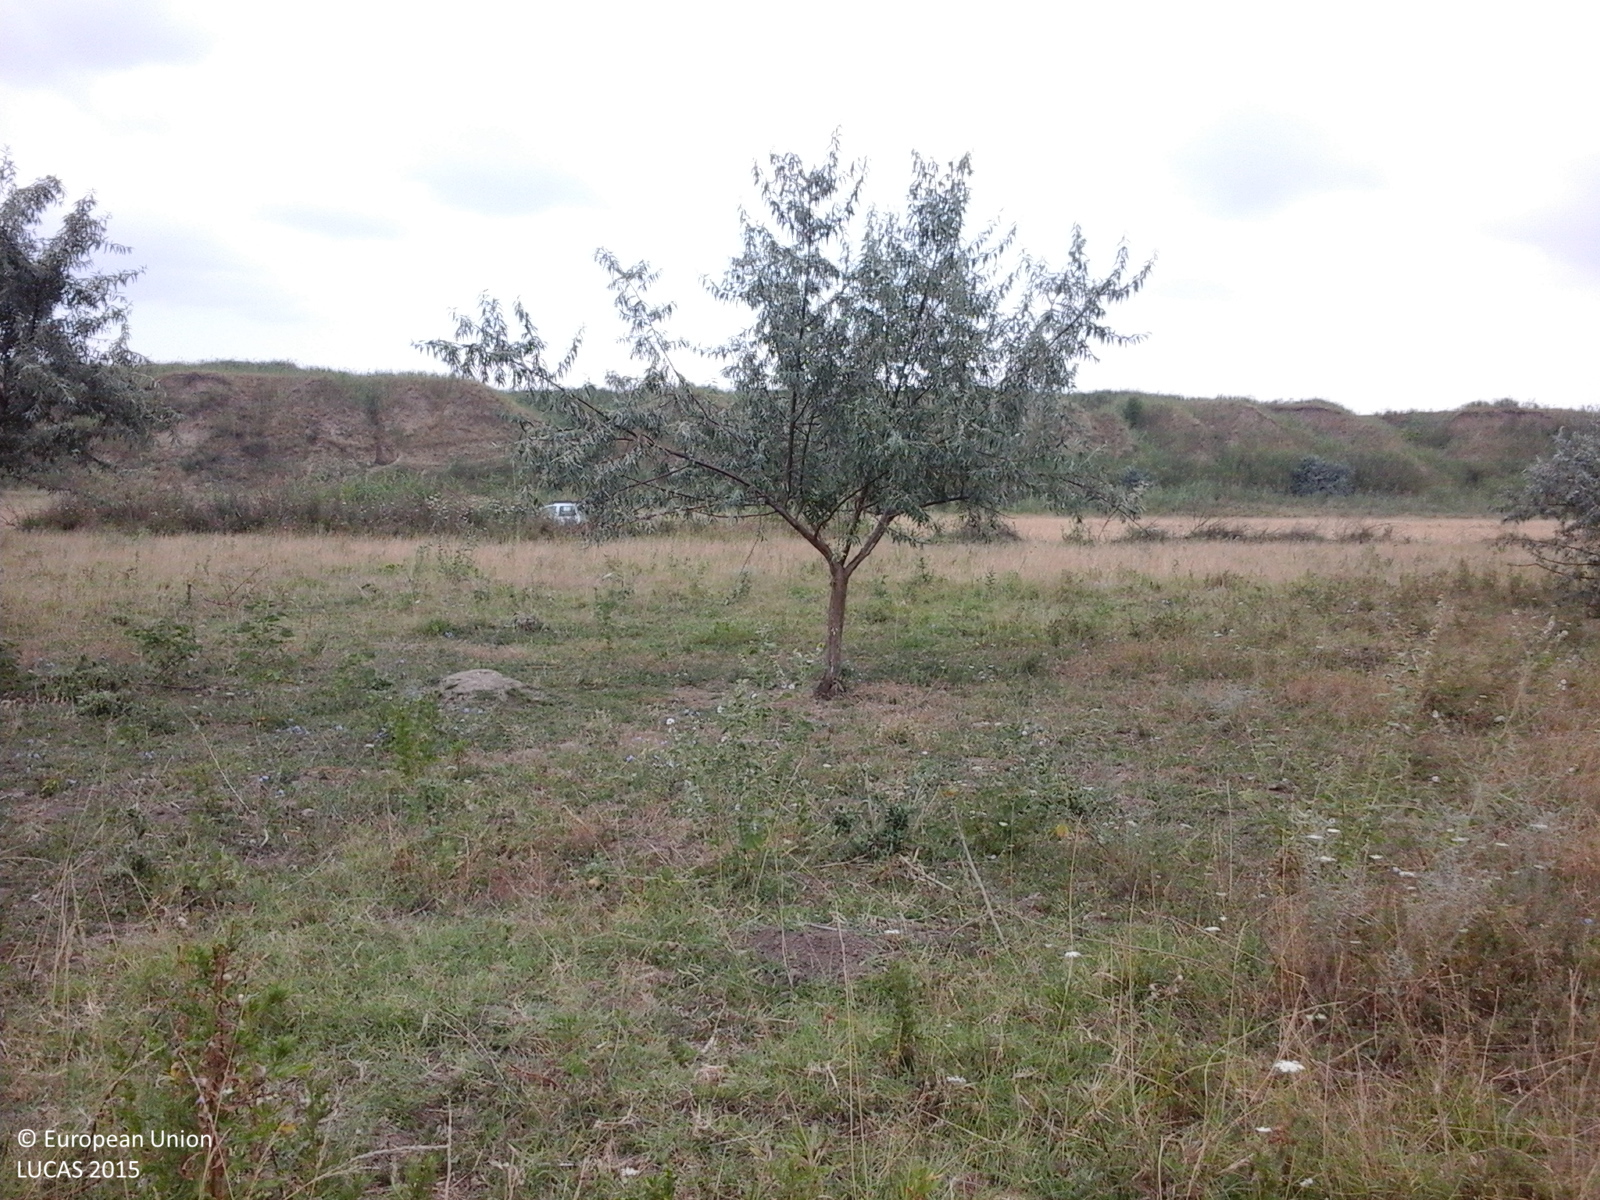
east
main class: Grassland
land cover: Grassland with sparse tree/shrub cover
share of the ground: > 75 %
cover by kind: herbaceous plants 85 %, shrubs 10 %, broadleaved forest trees 5 %
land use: Semi-natural and natural areas not in use
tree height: > 5 m
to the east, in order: Grassland with sparse tree/shrub cover; Grassland without tree/shrub cover; Shruby margins; Tracks; Grassland without tree/shrub cover; Inland marshes; Tracks; Common wheat
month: July
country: RO
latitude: 45.0645
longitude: 28.2180
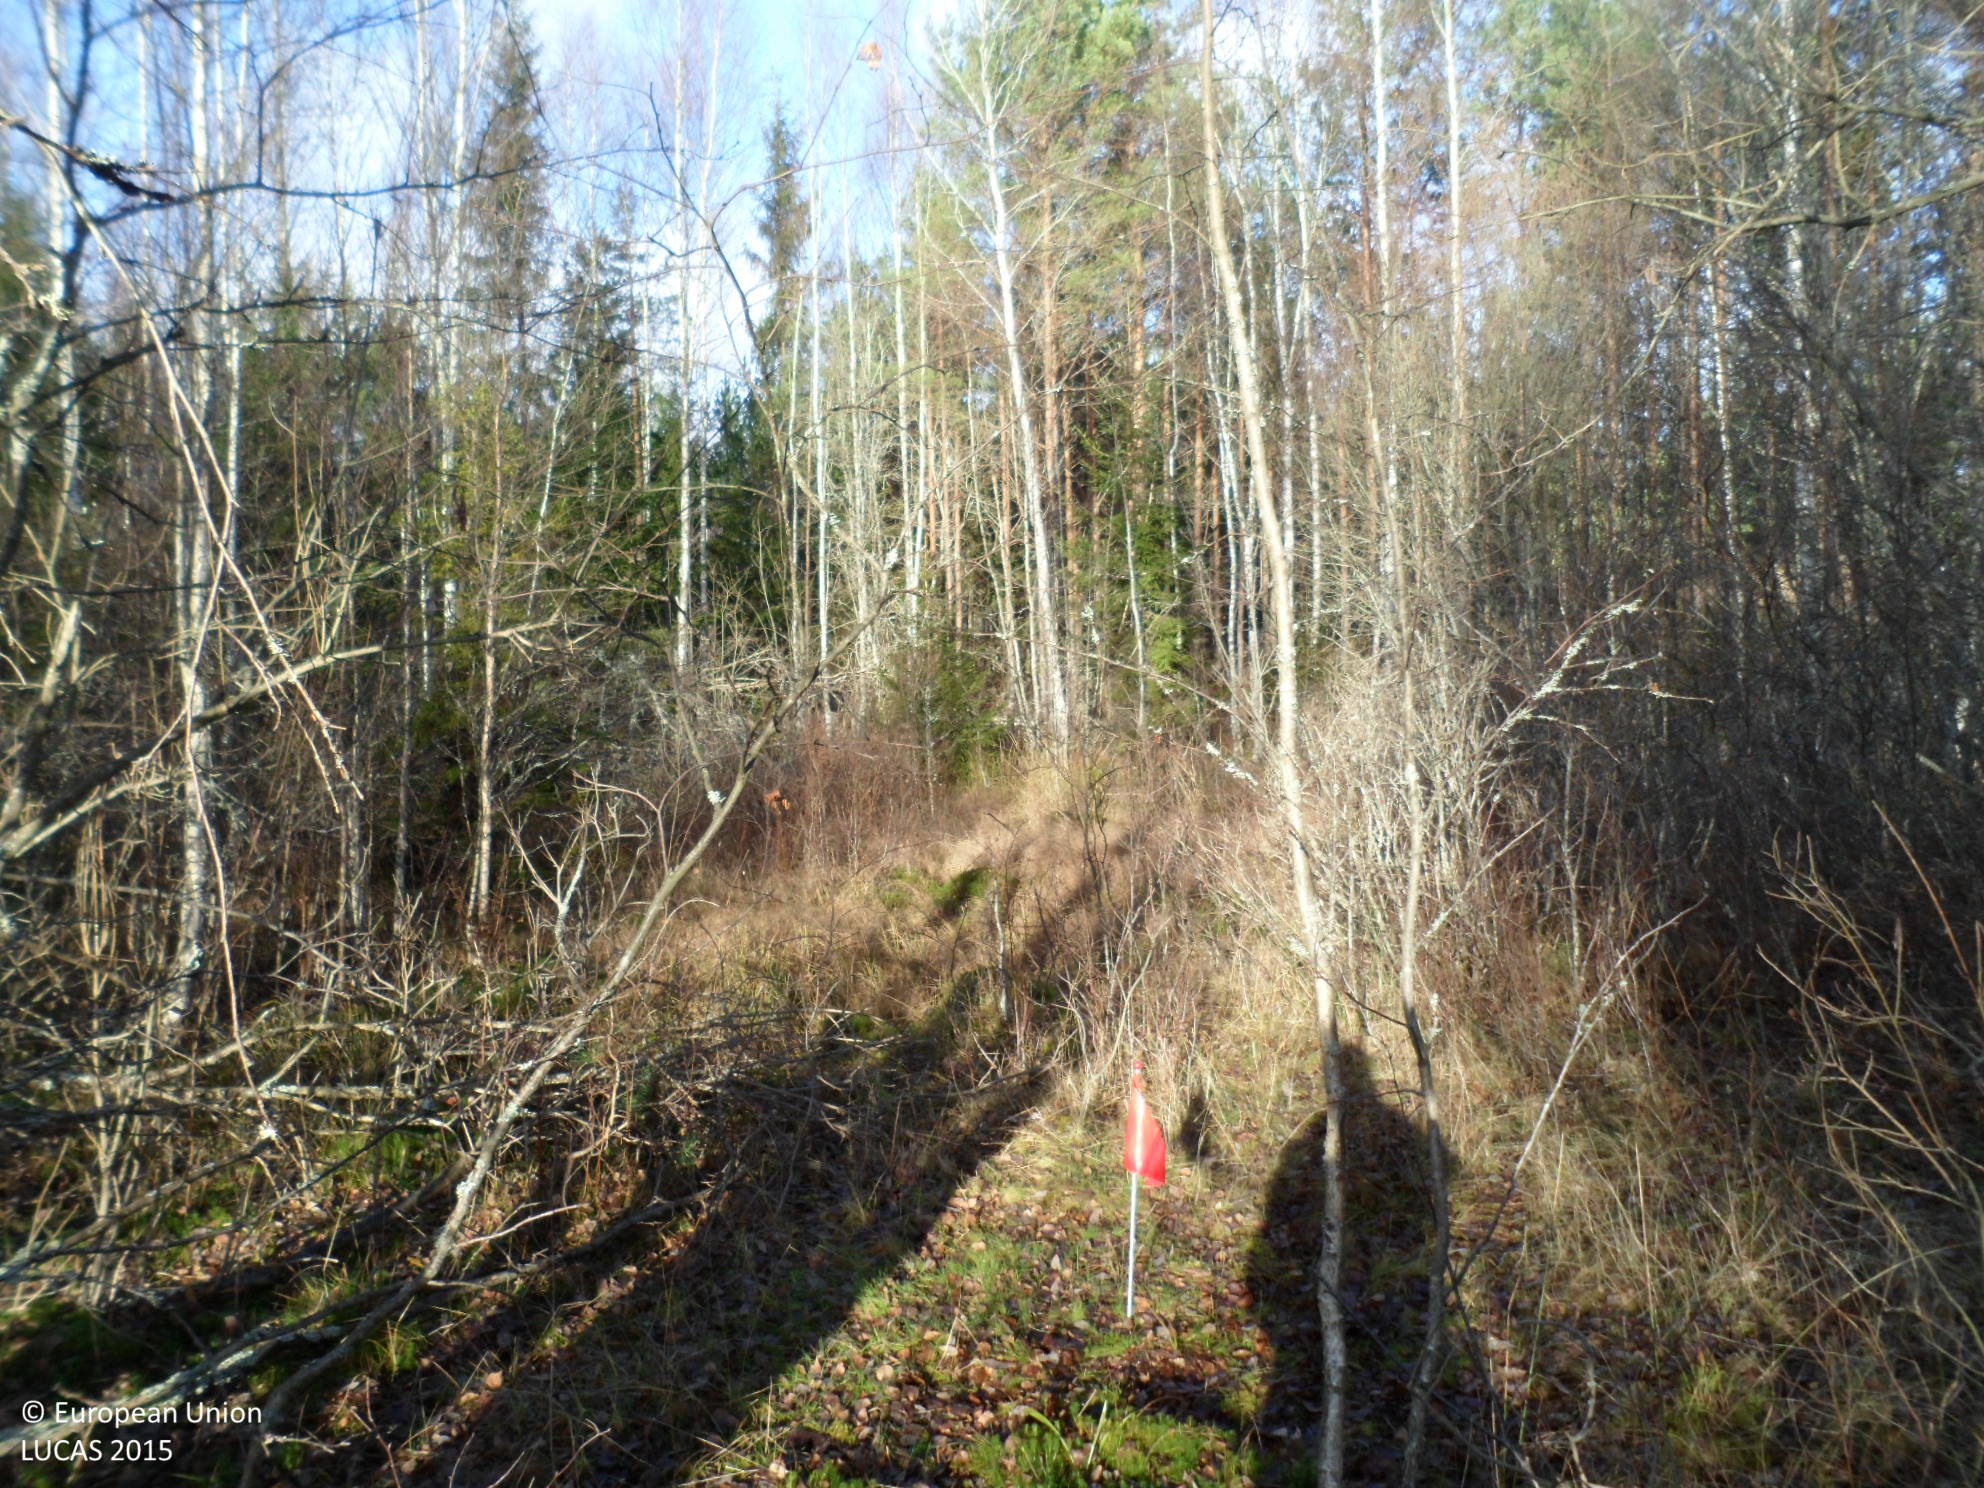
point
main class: Woodland
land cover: Broadleaved woodland
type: boreal forest
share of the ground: 50 - 75 %
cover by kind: broadleaved forest trees 50 %, shrubs 25 %, herbaceous plants 10 %, lichens and mosses 10 %, coniferous forest trees 5 %
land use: Forestry
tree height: > 5 m
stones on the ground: < 10 %
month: November
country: SE
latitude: 57.2310
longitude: 16.1447
┄┄┄┄┄┄┄┄┄┄
**Required action**
In the listing above, count the lines that contain "cover". Give the number and nothing else.

**Exercise result**
5